## WORK TASK:
Output the entries below unchanged, except for the pictures.

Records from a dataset
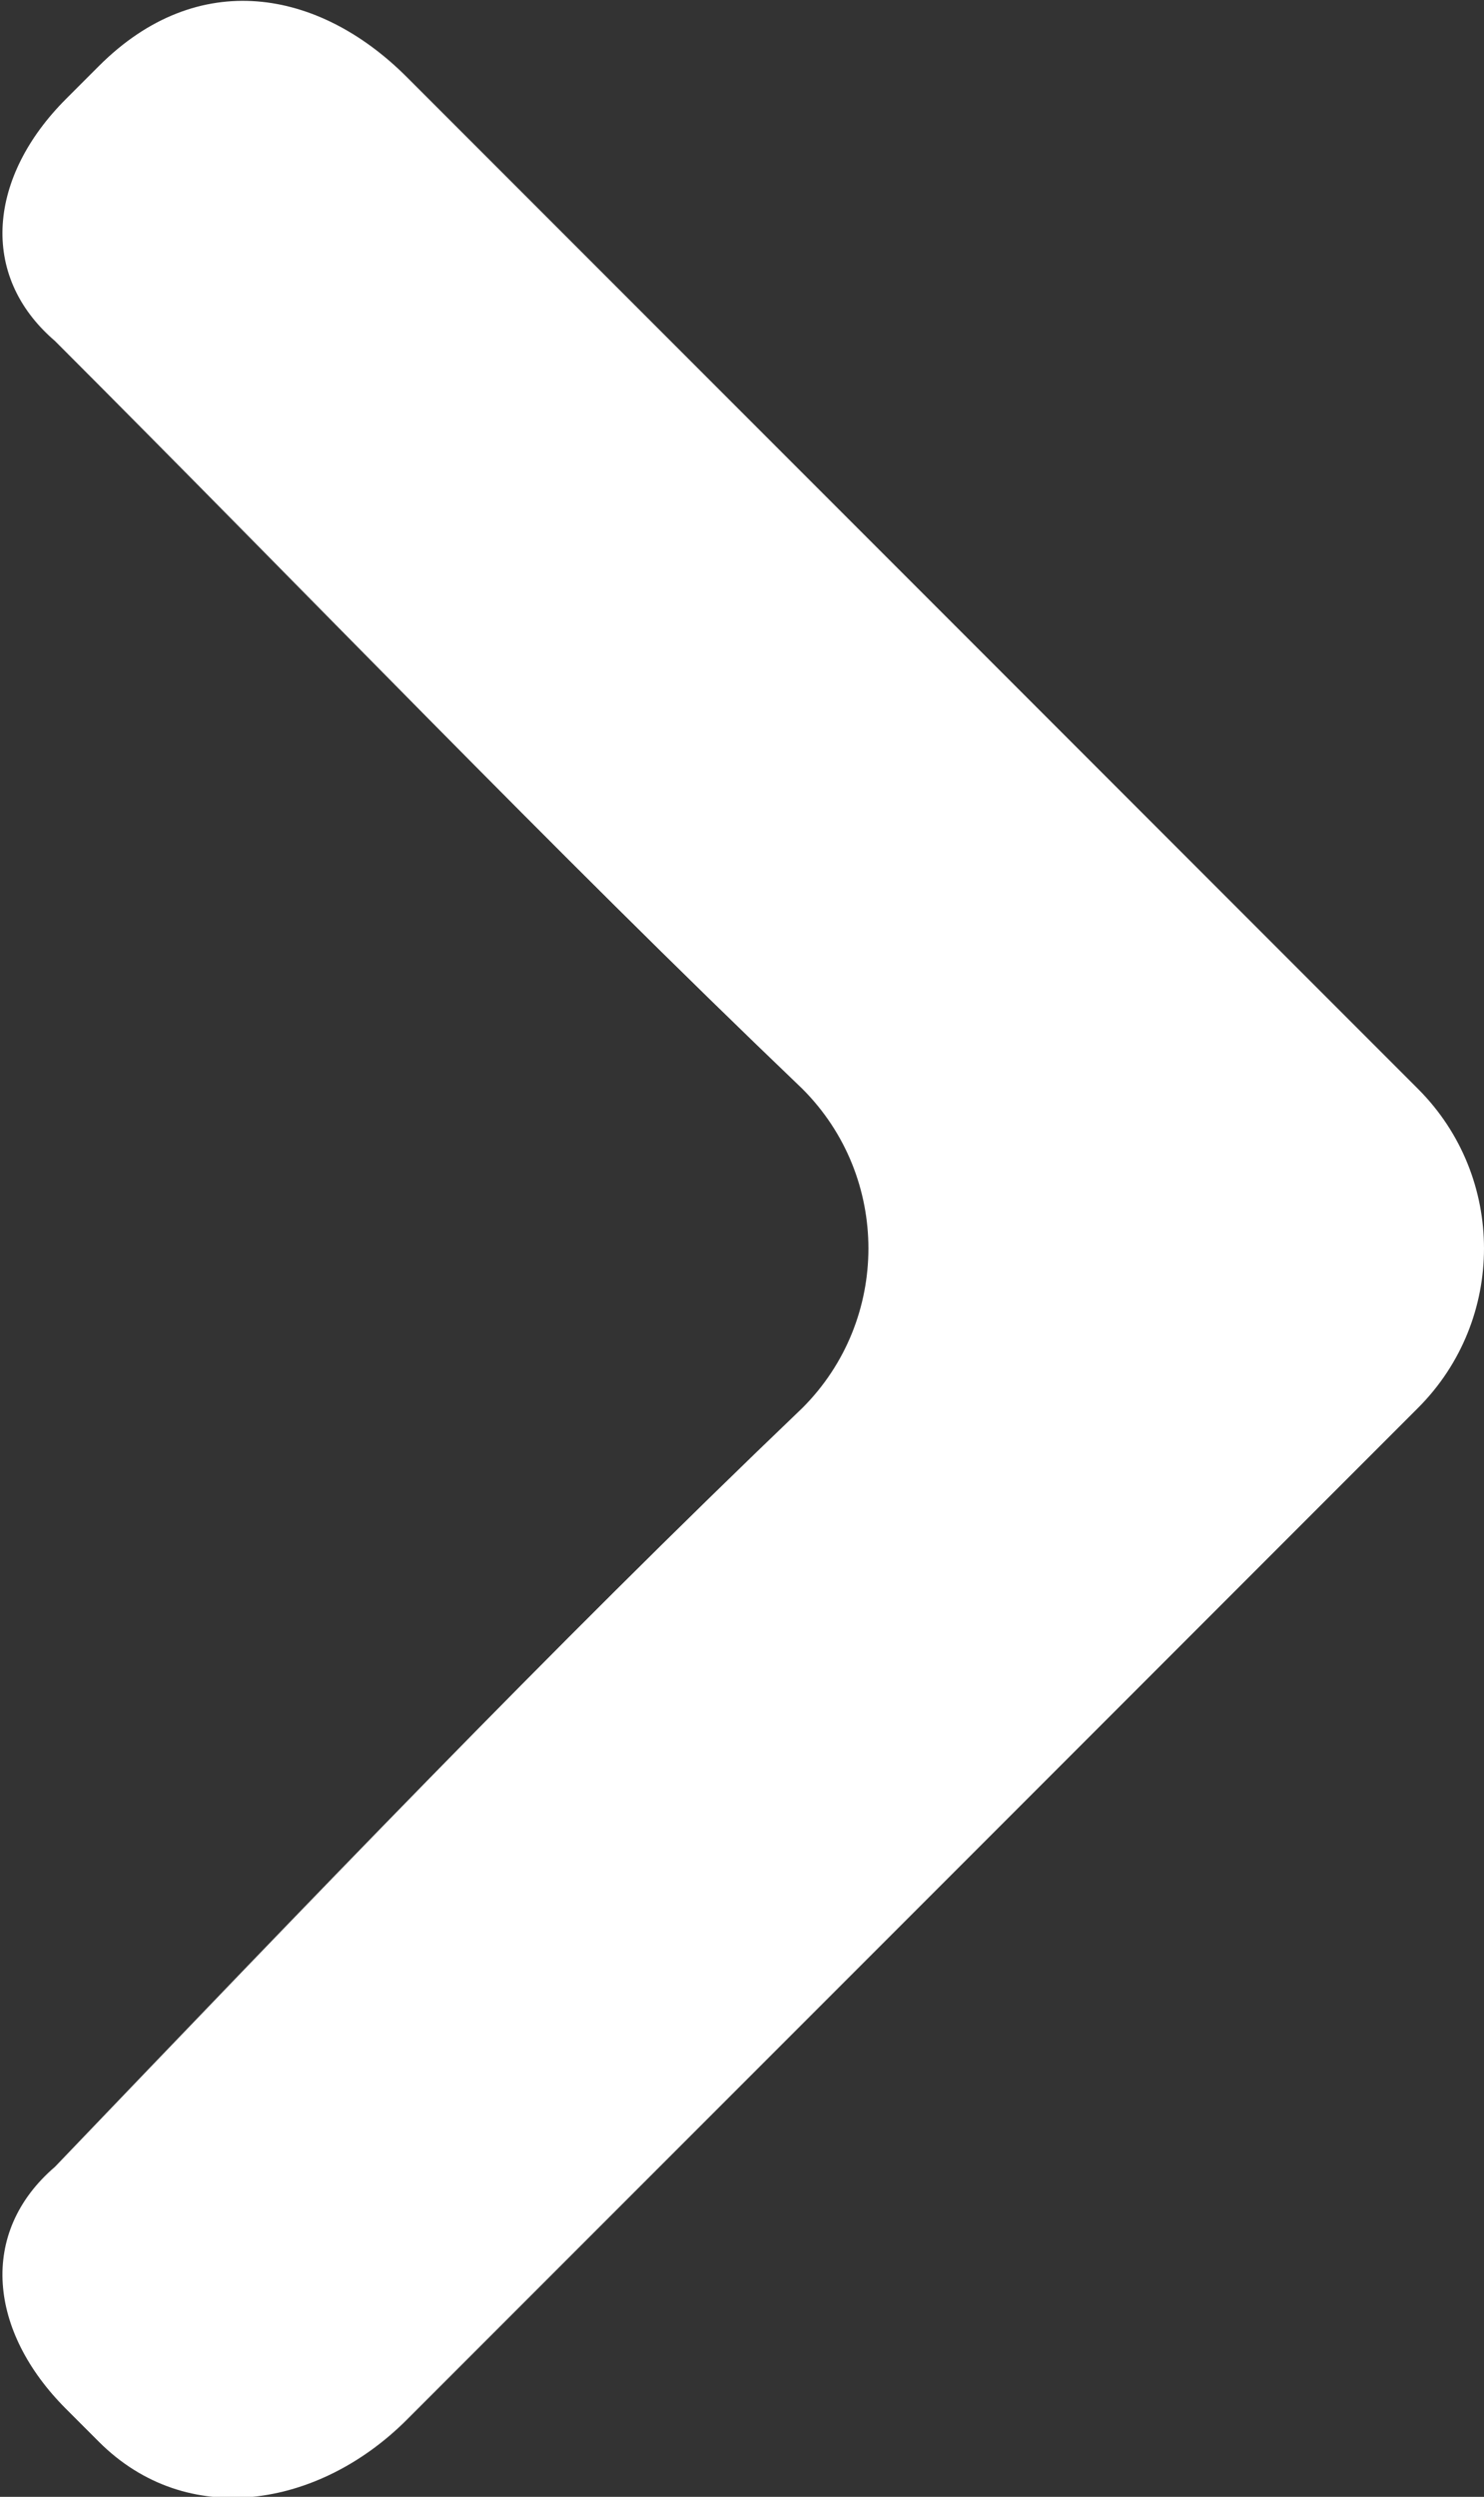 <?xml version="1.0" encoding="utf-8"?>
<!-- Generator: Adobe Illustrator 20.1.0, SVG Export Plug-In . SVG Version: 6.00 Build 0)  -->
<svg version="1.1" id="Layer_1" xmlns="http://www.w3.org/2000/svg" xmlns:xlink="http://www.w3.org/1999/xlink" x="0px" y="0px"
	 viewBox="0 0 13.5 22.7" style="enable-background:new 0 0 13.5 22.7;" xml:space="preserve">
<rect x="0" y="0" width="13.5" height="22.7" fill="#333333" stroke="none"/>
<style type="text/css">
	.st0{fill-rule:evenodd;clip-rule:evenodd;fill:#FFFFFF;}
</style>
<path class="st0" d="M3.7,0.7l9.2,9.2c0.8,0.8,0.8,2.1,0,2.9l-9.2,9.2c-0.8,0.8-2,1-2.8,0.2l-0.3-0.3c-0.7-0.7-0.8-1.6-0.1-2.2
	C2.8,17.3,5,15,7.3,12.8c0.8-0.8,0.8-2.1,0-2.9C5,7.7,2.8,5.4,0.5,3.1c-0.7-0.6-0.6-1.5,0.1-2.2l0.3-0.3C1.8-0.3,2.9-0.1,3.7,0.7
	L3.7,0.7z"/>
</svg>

## OUTPUT BELOW:
 <?xml version="1.0" encoding="utf-8"?>
<!-- Generator: Adobe Illustrator 20.1.0, SVG Export Plug-In . SVG Version: 6.00 Build 0)  -->
<svg version="1.1" id="Layer_1" xmlns="http://www.w3.org/2000/svg" xmlns:xlink="http://www.w3.org/1999/xlink" x="0px" y="0px"
	 viewBox="0 0 13.5 22.7" style="enable-background:new 0 0 13.5 22.7;" xml:space="preserve">
<rect x="0" y="0" width="13.5" height="22.7" fill="#333333" stroke="none"/>
<style type="text/css">
	.st0{fill-rule:evenodd;clip-rule:evenodd;fill:#FFFFFF;}
</style>
<path class="st0" d="M3.7,0.7l9.2,9.2c0.8,0.8,0.8,2.1,0,2.9l-9.2,9.2c-0.8,0.8-2,1-2.8,0.2l-0.3-0.3c-0.7-0.7-0.8-1.6-0.1-2.2
	C2.8,17.3,5,15,7.3,12.8c0.8-0.8,0.8-2.1,0-2.9C5,7.7,2.8,5.4,0.5,3.1c-0.7-0.6-0.6-1.5,0.1-2.2l0.3-0.3C1.8-0.3,2.9-0.1,3.7,0.7
	L3.7,0.7z"/>
</svg>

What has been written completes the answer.